START Dataset excerpt
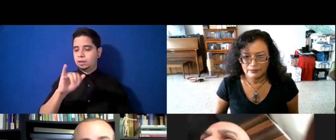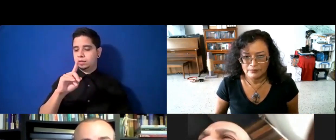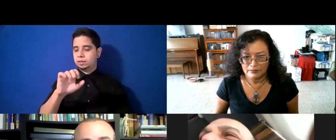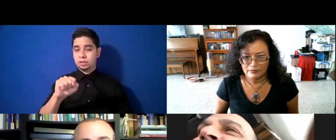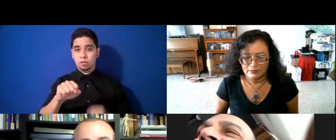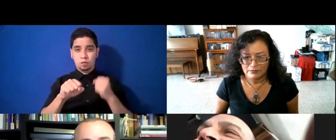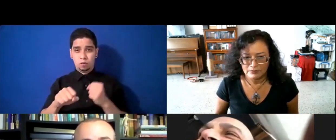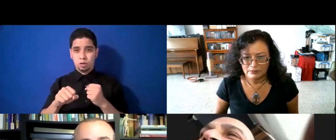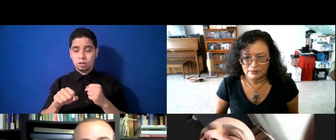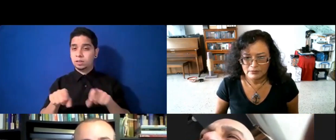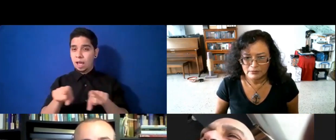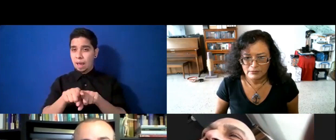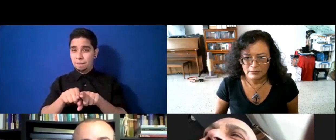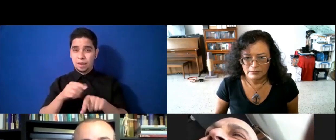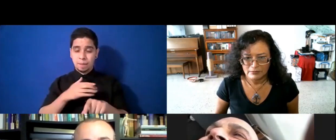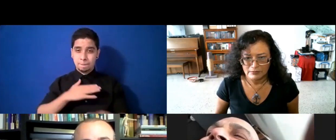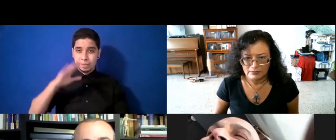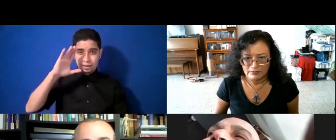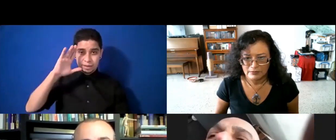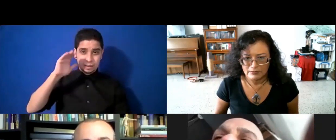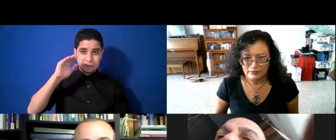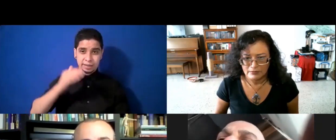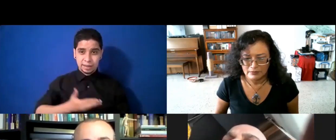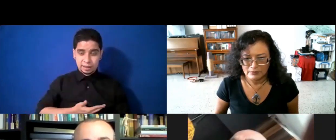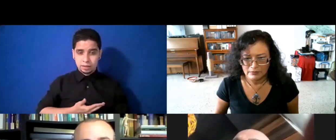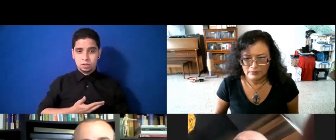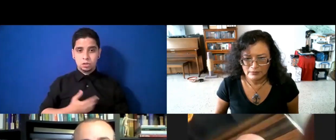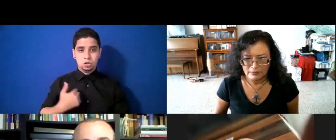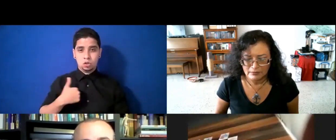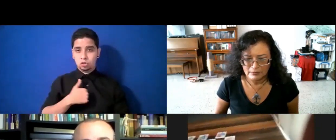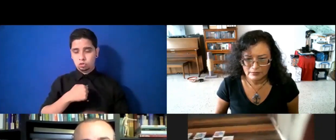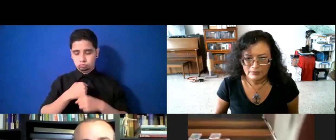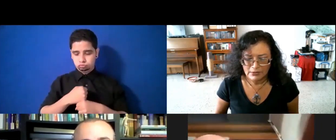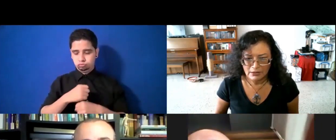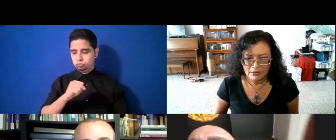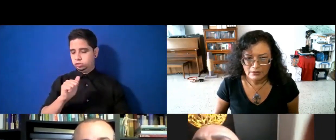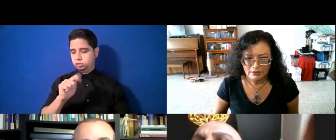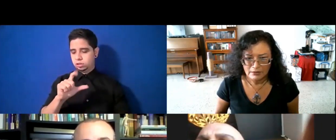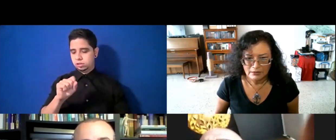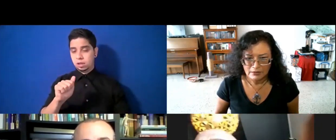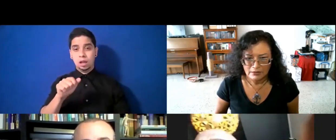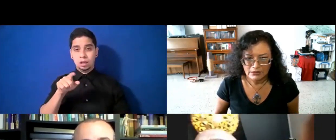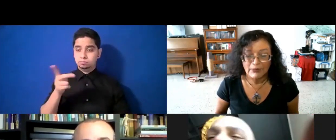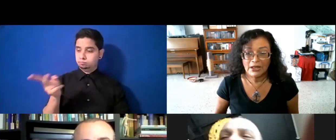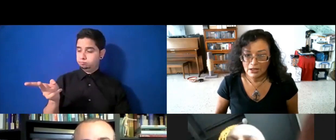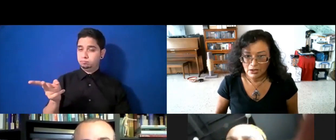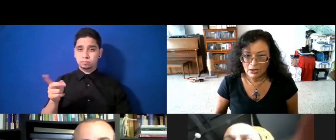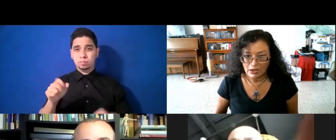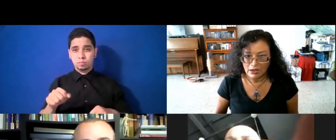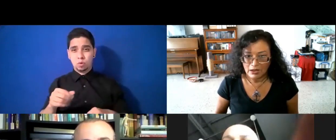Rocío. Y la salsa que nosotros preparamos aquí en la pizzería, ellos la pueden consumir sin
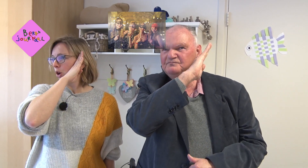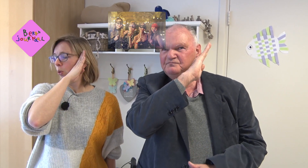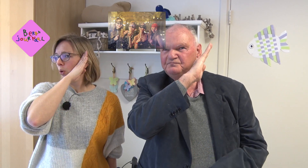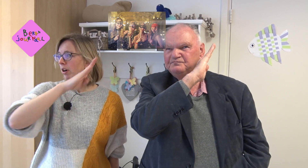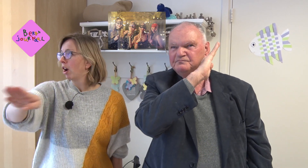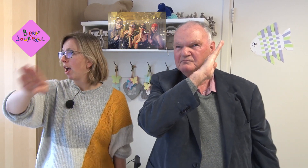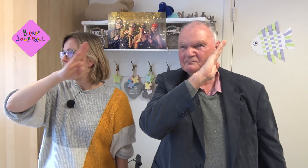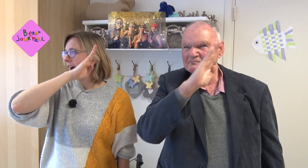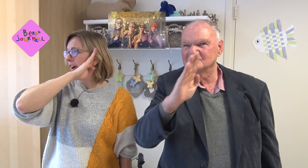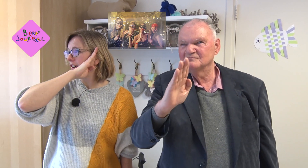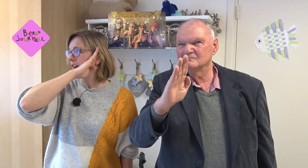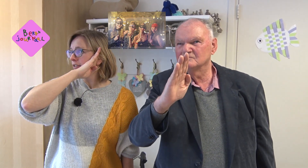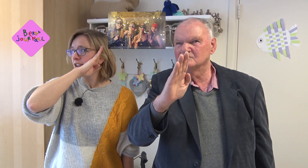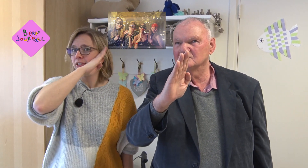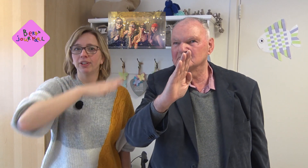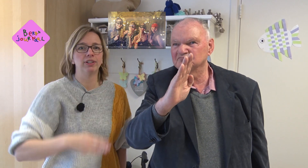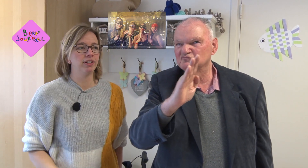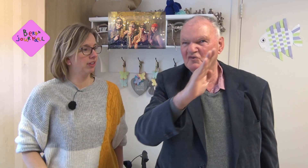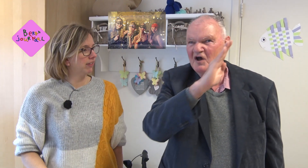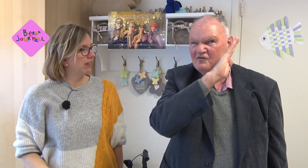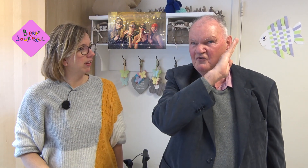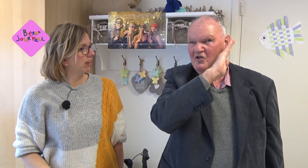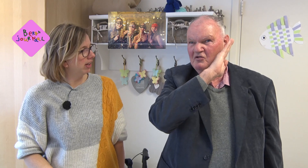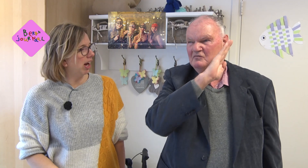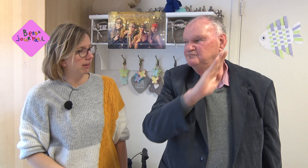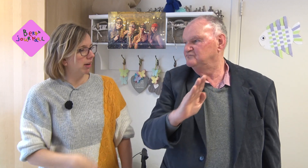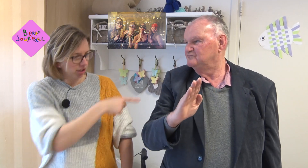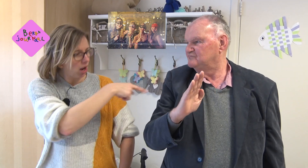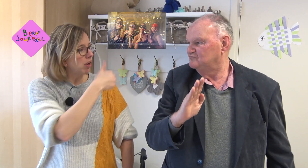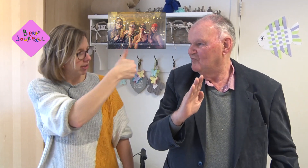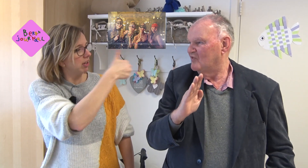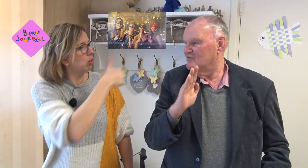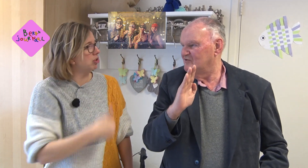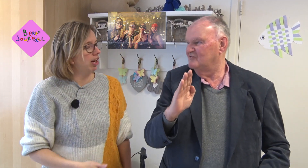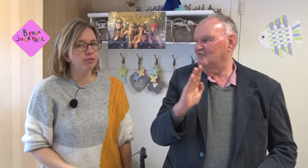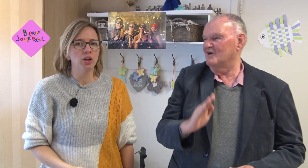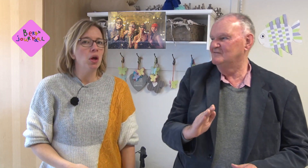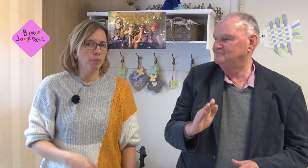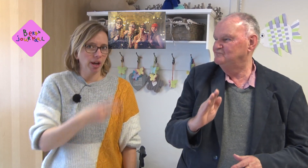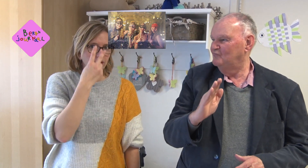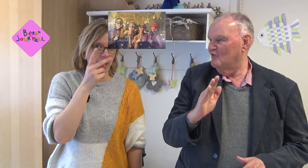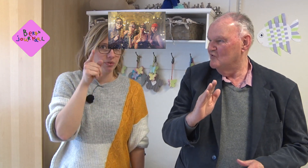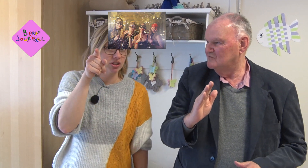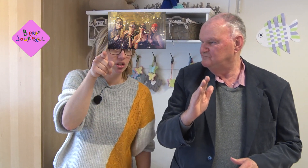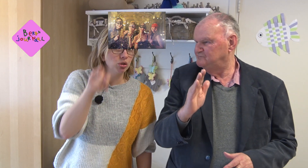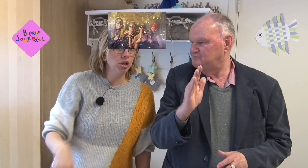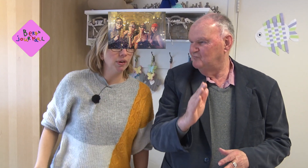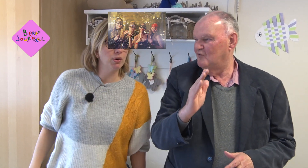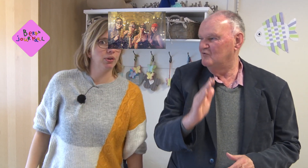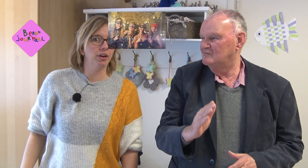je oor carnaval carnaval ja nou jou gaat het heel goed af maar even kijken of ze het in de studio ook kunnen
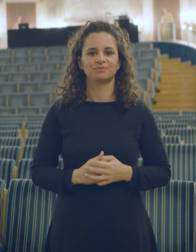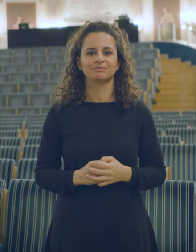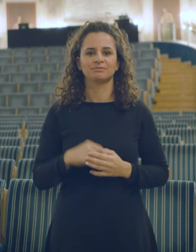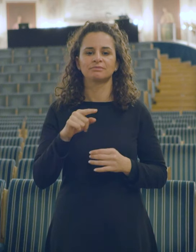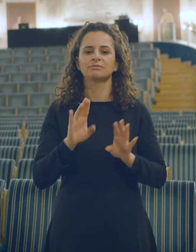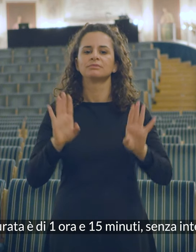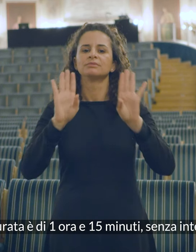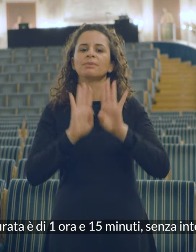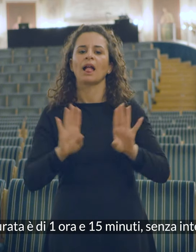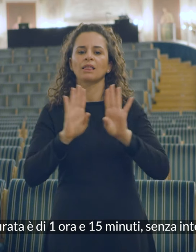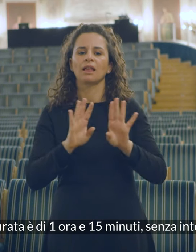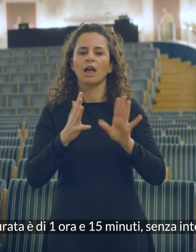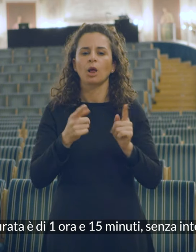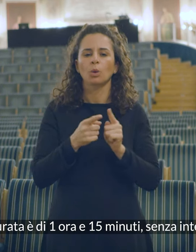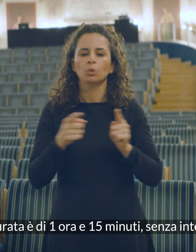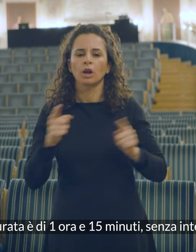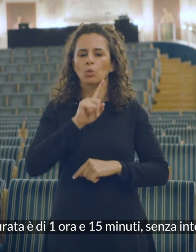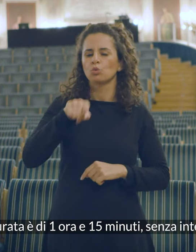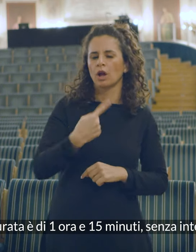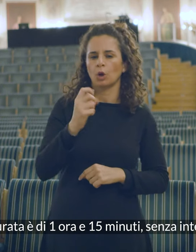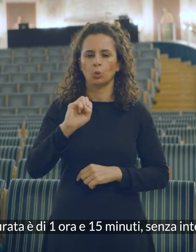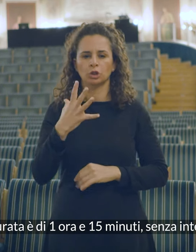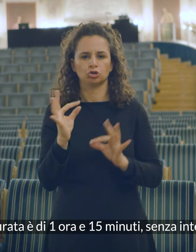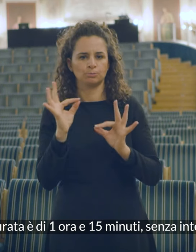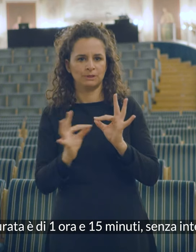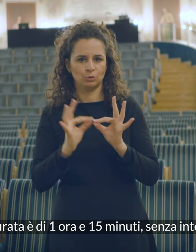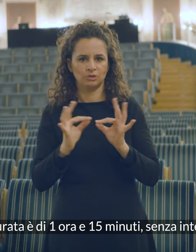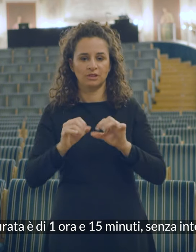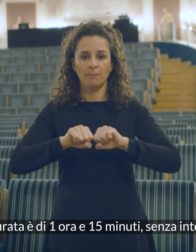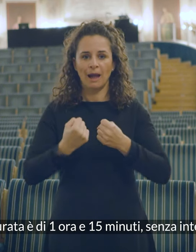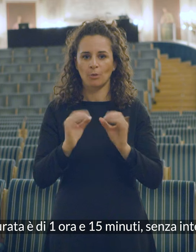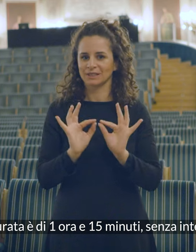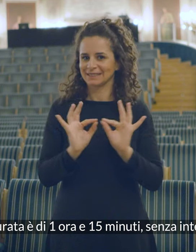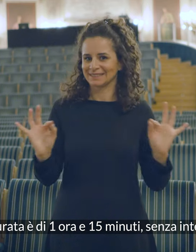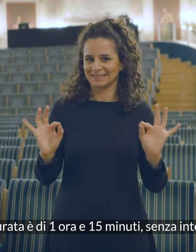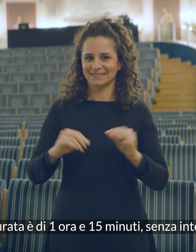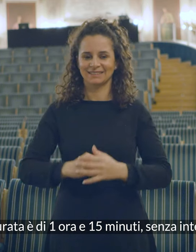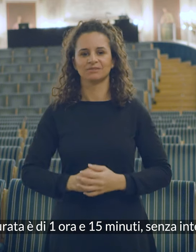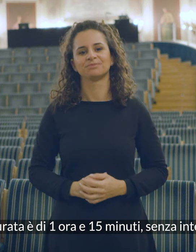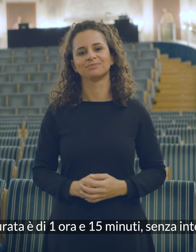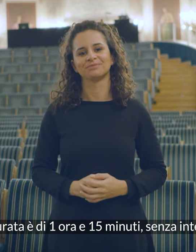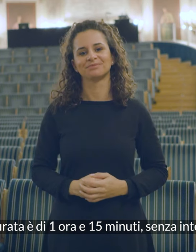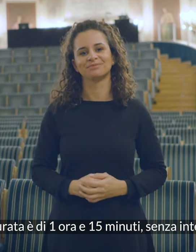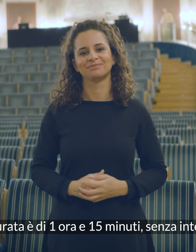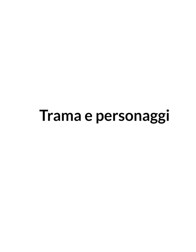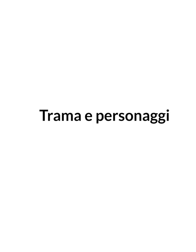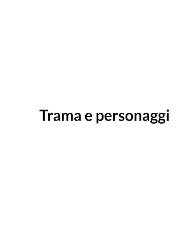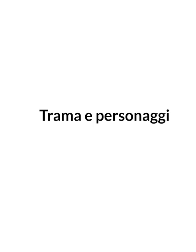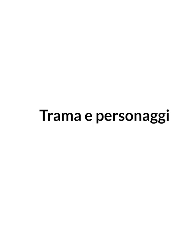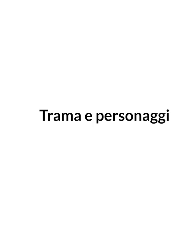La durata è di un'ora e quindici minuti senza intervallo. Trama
END Dataset excerpt
The output has to match the data above line for line, except that pictures are dropped.

- Answer for this exercise
Rocío. Y la salsa que nosotros preparamos aquí en la pizzería, ellos la pueden consumir sin
je oor carnaval carnaval ja nou jou gaat het heel goed af maar even kijken of ze het in de studio ook kunnen
La durata è di un'ora e quindici minuti senza intervallo. Trama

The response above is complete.